Why I didn't do this in condor-example.cmd? When I first created
that file, selective transfer of output files was not available in
condor. And now... well, perhaps I'll get around to it in time for
the next edition of this tutorial.
[^log]: The `.log` output from condor is a bit different than the
`.out` and `.err` output. If you run your job more than once with
identical values for `output=` and `error=` (in this example it would
mean than you're running the same with the same process number), the
`.out` and `.err` files will be overwritten.
However, the `.log` is always appended to, not overwritten. If you
see your `.log` file gradually become larger and larger as you
re-submit your jobs, it's because the file is basically maintaining
a "history" of every time you've run the job.

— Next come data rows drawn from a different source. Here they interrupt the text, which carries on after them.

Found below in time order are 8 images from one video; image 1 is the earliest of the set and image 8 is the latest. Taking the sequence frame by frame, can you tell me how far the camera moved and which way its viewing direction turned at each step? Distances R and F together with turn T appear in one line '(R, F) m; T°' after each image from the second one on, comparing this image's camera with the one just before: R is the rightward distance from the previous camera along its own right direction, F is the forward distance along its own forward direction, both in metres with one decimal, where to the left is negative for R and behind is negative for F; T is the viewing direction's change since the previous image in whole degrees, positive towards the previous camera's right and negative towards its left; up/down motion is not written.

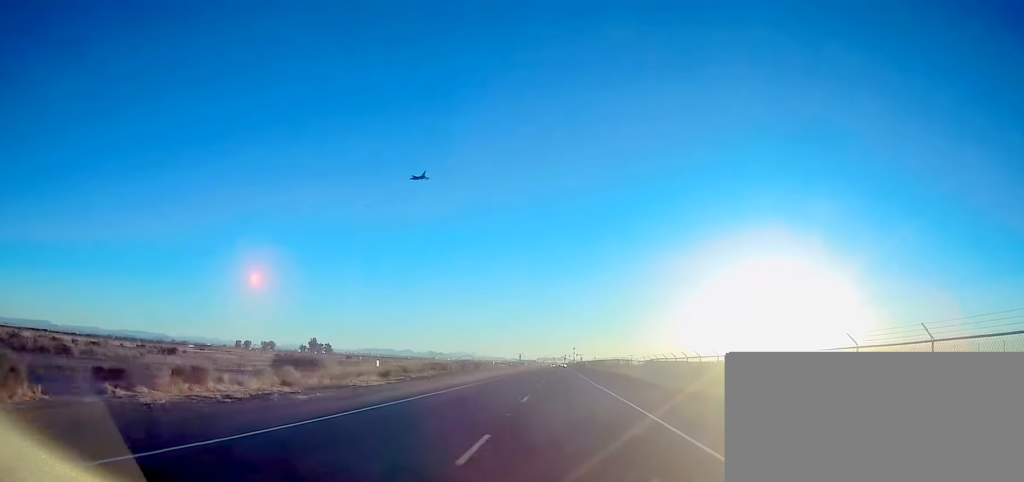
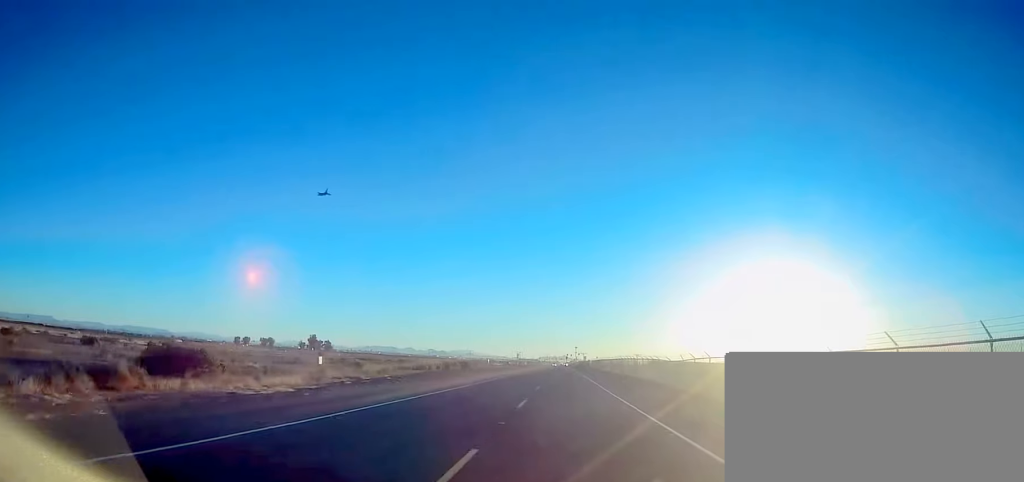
(+0.1, +13.8) m; 0°
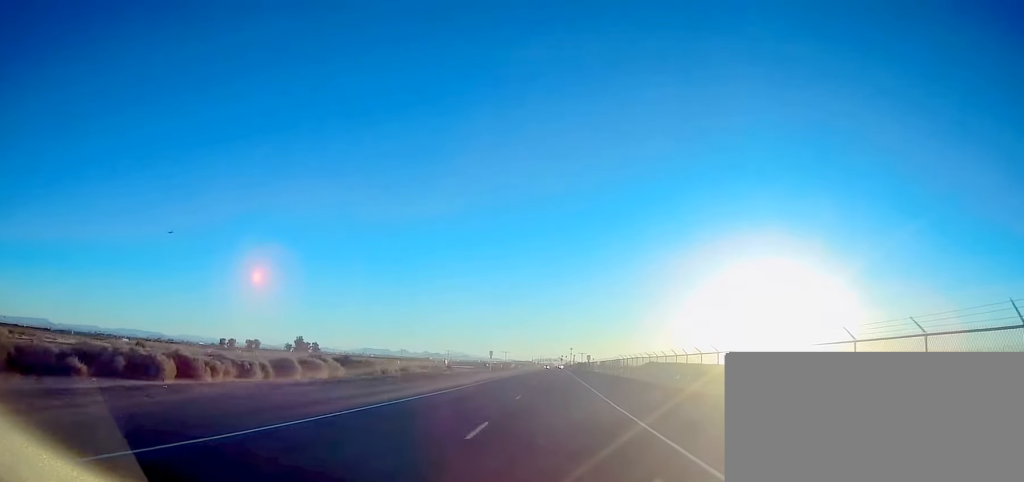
(-0.4, +43.8) m; -1°
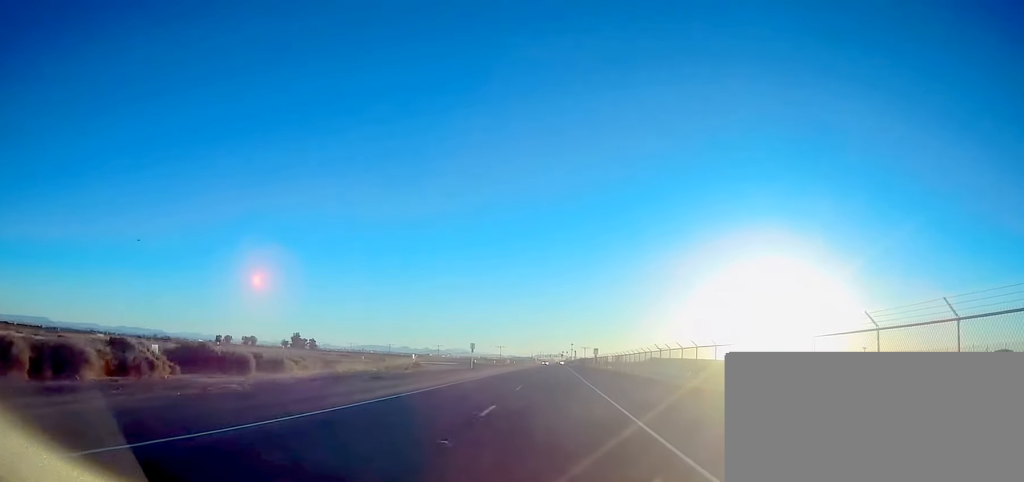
(+0.2, +20.5) m; 0°
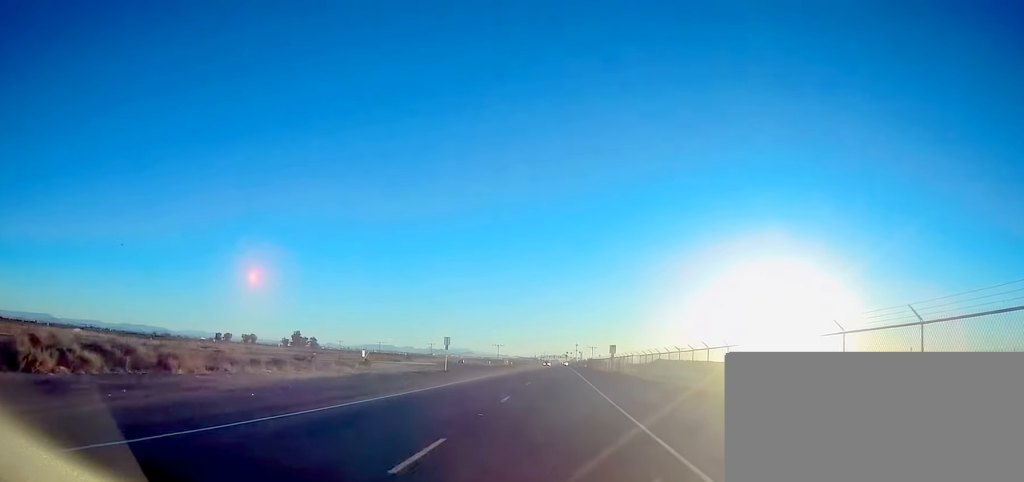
(0.0, +19.7) m; 0°
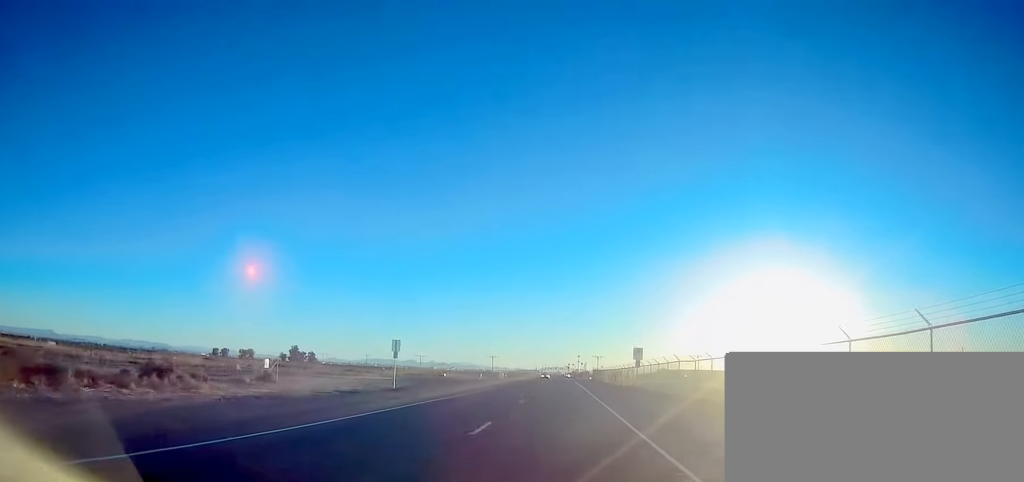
(0.0, +18.2) m; 0°
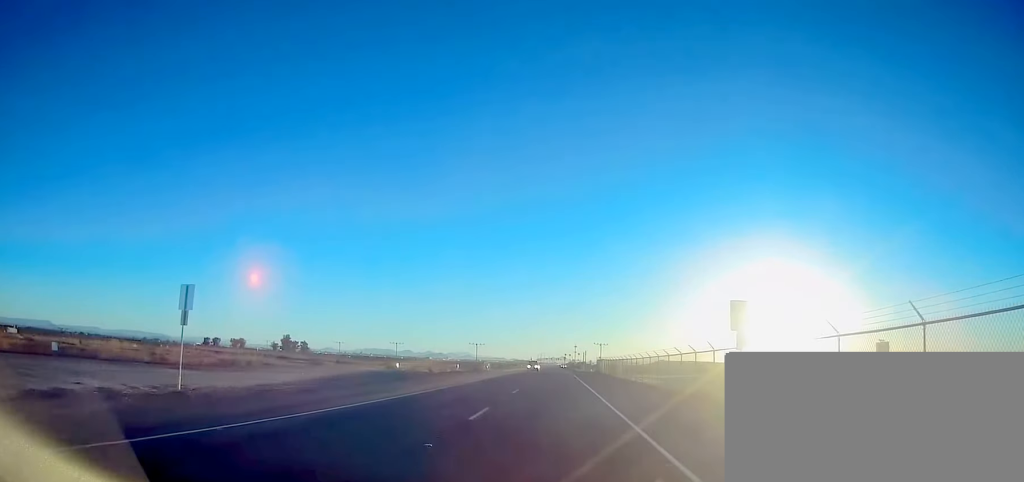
(-0.2, +23.3) m; -1°
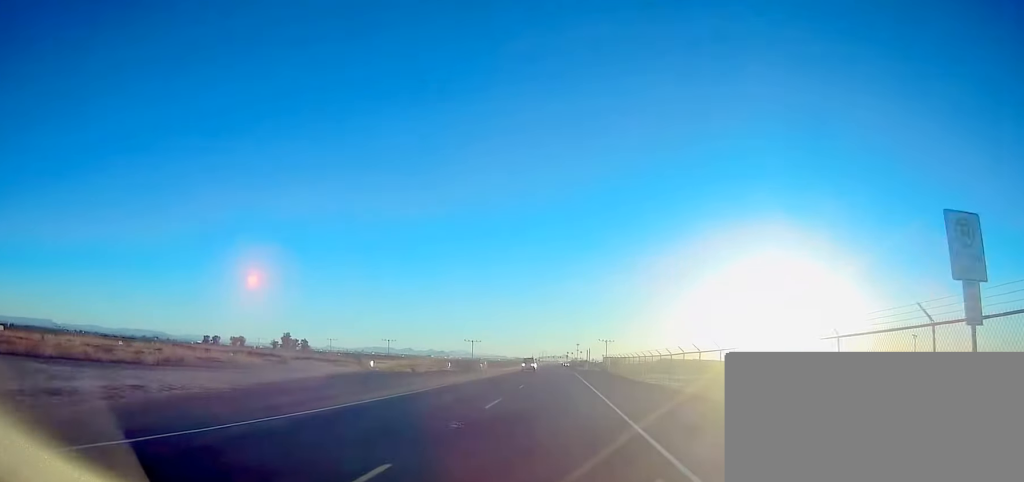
(0.0, +9.5) m; 0°
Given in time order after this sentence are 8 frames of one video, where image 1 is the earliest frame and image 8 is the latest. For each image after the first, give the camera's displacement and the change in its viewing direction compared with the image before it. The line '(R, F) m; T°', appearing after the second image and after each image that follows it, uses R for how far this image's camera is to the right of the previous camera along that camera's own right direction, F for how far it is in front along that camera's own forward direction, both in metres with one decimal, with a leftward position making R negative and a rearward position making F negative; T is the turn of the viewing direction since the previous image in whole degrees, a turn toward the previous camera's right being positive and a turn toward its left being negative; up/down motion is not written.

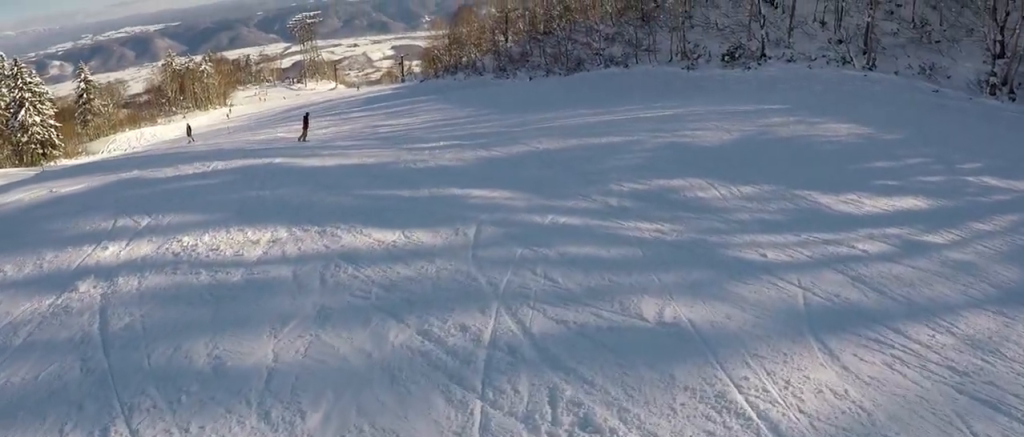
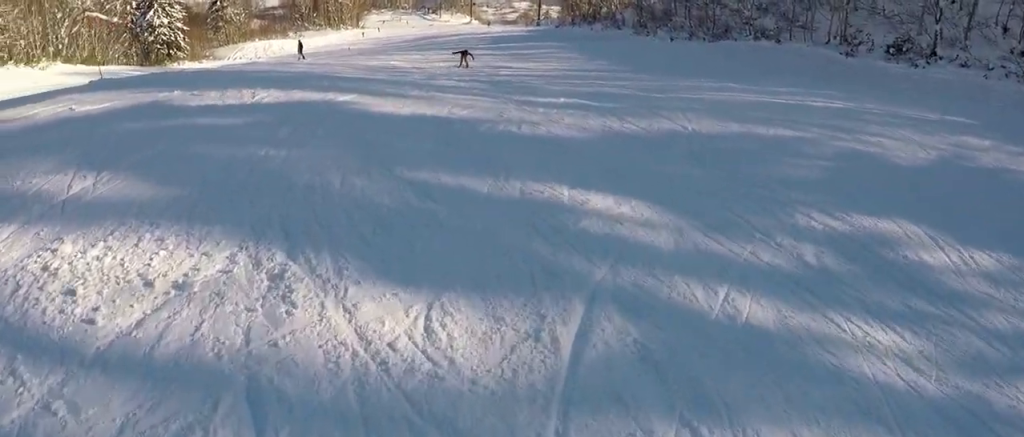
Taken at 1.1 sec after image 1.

[^preamble]: Actually, on Nevis particle-physics systems, the
directory `/usr/nevis/adm` *is* located outside the condor
execution environment. This works on our batch farms because of
the way directories are {ref}`managed ` here.
[^long]: At one time we had someone try to submit a week-long spline
calculation on a Nevis batch farm. It never executed, because any
time someone submitted a different job to the farm, the spine job
was suspended and had to start from the beginning.
[^zip]: Why don't I use
[zip](https://linuxize.com/post/how-to-zip-files-and-directories-in-linux/)?
Mostly it's personal preference: although `tar` is a bit harder to
use, it's more powerful than `zip`. Also, `zip` isn't always part
of a standard Linux installation, though I make sure it's available on all the
Nevis particle-physics systems.
[^huh]: Mystified by the
[find](https://www.geeksforgeeks.org/find-command-in-linux-with-examples/)?
By the
[wc](https://www.geeksforgeeks.org/wc-command-linux-examples/)?
And what's the deal with that [vertical
bar](https://www.geeksforgeeks.org/piping-in-unix-or-linux/)?
Hey, I told you that you could spend a lifetime learning about UNIX!